**Data to use:**
· · ·
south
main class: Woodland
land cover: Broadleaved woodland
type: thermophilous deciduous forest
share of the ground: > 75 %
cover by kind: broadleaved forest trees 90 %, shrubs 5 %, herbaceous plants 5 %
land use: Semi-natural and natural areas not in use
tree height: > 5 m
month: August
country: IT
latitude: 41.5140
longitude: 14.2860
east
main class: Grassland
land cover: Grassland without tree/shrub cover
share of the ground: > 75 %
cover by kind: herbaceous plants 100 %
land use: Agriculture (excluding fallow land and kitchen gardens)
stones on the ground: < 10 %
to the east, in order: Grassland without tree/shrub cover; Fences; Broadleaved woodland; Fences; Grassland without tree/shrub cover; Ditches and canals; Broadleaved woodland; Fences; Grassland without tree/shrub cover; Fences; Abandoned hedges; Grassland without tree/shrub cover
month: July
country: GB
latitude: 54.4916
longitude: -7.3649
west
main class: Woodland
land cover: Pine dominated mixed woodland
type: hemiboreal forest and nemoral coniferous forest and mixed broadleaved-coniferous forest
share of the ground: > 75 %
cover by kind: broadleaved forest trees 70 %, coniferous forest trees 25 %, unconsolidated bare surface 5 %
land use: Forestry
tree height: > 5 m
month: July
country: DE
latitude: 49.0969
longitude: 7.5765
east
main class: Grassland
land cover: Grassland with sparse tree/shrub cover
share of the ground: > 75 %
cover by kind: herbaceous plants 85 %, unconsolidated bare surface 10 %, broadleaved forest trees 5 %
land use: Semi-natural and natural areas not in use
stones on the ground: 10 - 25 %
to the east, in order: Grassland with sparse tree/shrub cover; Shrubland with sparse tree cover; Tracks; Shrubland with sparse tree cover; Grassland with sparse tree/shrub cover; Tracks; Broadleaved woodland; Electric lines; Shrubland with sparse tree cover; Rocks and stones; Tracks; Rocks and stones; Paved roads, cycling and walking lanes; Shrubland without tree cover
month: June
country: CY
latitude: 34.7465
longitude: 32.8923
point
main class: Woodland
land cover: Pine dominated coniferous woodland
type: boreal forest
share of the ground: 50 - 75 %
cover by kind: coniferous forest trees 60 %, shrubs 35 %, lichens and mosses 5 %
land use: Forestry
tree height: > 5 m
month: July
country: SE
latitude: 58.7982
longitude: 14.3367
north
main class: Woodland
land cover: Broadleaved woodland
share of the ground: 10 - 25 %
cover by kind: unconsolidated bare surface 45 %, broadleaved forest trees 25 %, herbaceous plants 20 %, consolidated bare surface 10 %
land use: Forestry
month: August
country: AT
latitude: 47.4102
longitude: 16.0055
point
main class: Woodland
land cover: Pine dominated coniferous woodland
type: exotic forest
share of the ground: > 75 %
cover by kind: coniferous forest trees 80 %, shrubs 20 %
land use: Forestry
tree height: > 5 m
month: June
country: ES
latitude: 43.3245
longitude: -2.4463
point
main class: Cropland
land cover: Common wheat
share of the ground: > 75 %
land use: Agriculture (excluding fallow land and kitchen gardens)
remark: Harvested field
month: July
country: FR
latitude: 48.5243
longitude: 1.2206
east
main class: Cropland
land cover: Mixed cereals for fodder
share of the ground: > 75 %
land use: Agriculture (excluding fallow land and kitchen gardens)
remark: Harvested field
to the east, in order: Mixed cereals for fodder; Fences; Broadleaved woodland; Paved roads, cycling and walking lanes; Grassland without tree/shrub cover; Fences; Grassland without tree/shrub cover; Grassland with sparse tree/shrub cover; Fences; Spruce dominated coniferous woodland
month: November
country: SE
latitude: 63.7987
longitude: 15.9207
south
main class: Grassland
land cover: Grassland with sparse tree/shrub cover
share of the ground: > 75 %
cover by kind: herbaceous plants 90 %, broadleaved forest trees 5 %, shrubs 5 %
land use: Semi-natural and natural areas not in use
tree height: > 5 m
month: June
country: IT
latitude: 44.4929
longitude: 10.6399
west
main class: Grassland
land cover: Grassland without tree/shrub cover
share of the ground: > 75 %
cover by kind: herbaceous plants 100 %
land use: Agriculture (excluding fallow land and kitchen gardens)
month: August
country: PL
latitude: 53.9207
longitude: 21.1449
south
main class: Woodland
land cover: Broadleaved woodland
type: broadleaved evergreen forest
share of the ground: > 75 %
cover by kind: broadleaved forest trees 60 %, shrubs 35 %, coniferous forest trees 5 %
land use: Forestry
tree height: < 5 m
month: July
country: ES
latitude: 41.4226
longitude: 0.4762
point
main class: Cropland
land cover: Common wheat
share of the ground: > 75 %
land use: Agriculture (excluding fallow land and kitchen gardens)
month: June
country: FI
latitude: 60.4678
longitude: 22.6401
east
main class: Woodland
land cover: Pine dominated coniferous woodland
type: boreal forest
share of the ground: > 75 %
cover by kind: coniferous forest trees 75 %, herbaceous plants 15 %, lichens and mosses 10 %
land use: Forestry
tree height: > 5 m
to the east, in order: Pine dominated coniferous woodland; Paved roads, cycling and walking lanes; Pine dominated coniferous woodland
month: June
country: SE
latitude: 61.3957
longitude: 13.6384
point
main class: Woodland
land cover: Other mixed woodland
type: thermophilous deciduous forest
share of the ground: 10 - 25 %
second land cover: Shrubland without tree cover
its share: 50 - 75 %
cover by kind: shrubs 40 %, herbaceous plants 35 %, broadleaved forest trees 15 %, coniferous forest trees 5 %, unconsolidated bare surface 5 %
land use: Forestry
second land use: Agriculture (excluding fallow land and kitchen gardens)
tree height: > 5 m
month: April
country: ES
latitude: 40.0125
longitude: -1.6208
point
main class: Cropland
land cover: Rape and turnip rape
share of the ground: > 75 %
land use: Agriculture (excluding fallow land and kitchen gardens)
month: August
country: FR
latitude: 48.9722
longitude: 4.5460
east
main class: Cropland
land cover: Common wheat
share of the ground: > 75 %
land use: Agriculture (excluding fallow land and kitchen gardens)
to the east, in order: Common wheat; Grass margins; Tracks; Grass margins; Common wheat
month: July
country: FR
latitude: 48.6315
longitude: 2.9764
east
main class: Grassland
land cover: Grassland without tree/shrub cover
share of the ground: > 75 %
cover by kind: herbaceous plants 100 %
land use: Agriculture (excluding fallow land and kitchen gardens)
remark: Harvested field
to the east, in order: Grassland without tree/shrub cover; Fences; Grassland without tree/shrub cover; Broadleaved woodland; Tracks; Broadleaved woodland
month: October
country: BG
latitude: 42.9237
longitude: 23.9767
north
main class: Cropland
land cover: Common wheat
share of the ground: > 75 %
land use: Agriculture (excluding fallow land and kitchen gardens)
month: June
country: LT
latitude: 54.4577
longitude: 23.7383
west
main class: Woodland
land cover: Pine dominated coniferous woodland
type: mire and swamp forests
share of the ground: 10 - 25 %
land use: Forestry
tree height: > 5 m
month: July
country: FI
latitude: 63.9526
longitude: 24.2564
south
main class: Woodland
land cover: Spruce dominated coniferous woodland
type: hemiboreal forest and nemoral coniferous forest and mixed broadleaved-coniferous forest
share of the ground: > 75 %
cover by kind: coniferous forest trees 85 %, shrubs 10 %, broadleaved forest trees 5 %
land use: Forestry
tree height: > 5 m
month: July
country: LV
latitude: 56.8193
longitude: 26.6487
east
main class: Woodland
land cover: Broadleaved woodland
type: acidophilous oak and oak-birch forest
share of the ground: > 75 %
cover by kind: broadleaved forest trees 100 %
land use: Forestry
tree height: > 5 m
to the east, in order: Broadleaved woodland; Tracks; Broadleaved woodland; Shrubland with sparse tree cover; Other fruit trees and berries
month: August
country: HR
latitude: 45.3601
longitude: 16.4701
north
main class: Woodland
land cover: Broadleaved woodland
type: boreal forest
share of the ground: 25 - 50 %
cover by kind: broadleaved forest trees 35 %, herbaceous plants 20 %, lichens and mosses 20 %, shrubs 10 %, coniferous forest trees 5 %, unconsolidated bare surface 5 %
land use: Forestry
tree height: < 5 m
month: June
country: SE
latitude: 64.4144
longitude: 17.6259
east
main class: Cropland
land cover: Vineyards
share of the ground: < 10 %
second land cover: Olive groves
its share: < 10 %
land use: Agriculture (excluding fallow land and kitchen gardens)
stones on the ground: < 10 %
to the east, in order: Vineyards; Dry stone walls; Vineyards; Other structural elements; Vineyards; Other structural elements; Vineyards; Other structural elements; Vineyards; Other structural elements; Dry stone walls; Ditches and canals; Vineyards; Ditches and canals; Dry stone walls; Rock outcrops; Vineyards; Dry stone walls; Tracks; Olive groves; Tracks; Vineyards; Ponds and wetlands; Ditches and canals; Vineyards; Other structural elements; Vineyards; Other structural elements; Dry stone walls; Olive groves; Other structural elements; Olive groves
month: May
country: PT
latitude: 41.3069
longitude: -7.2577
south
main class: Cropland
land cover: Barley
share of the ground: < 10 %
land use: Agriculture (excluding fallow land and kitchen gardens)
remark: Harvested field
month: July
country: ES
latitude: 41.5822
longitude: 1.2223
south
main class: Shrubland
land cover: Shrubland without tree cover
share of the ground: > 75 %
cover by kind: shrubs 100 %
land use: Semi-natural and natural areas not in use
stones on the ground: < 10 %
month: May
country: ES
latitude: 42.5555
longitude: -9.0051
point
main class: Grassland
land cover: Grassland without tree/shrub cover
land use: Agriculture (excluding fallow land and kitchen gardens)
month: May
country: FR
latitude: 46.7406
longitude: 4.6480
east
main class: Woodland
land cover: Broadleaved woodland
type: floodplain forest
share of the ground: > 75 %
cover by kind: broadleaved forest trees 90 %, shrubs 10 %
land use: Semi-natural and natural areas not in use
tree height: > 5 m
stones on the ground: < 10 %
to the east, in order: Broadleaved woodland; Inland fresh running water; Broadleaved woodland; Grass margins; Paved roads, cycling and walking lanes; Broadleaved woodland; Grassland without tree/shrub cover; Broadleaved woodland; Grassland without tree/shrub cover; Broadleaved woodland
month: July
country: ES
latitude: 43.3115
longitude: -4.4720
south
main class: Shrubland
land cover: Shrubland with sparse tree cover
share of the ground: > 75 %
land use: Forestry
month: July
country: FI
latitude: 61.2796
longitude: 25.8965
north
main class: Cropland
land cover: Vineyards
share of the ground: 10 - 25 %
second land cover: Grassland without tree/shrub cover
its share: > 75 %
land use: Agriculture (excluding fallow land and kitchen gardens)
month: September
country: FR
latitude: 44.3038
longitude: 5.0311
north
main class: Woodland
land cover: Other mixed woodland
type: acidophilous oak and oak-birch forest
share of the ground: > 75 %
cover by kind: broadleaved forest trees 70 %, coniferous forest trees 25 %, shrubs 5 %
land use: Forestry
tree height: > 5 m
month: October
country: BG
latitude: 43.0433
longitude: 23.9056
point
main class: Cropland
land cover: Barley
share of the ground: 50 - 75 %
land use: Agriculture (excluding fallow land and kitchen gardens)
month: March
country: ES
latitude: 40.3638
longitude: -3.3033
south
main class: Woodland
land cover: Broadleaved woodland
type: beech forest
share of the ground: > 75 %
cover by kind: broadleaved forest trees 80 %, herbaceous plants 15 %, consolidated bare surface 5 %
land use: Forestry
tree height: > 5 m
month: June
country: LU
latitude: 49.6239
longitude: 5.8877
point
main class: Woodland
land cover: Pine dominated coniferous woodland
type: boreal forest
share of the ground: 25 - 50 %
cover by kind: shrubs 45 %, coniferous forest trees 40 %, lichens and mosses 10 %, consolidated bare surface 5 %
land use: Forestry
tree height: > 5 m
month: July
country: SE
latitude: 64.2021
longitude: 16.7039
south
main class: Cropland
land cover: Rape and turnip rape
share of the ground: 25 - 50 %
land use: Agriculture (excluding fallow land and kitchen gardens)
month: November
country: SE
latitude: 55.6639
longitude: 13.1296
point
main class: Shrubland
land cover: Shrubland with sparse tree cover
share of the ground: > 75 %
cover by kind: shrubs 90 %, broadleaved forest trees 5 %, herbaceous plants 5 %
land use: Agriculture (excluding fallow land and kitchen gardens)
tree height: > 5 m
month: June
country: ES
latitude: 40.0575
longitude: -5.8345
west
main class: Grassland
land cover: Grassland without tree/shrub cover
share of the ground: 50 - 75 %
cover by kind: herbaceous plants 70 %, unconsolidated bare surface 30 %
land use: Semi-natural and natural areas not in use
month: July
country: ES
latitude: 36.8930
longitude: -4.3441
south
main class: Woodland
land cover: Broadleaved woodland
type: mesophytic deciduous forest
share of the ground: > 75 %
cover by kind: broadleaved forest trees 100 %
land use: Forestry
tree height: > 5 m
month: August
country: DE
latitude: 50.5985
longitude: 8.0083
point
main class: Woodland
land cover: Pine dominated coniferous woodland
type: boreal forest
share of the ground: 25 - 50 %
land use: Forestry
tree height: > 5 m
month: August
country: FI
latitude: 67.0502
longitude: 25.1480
· · ·
**Exercise prompt:** Please give an exact copy of the lines above, beginning with the line containing "longitude: 23.9767" and running through the line containing "land cover: Spruce", and of no other lines.

**Answer box:**
longitude: 23.9767
north
main class: Cropland
land cover: Common wheat
share of the ground: > 75 %
land use: Agriculture (excluding fallow land and kitchen gardens)
month: June
country: LT
latitude: 54.4577
longitude: 23.7383
west
main class: Woodland
land cover: Pine dominated coniferous woodland
type: mire and swamp forests
share of the ground: 10 - 25 %
land use: Forestry
tree height: > 5 m
month: July
country: FI
latitude: 63.9526
longitude: 24.2564
south
main class: Woodland
land cover: Spruce dominated coniferous woodland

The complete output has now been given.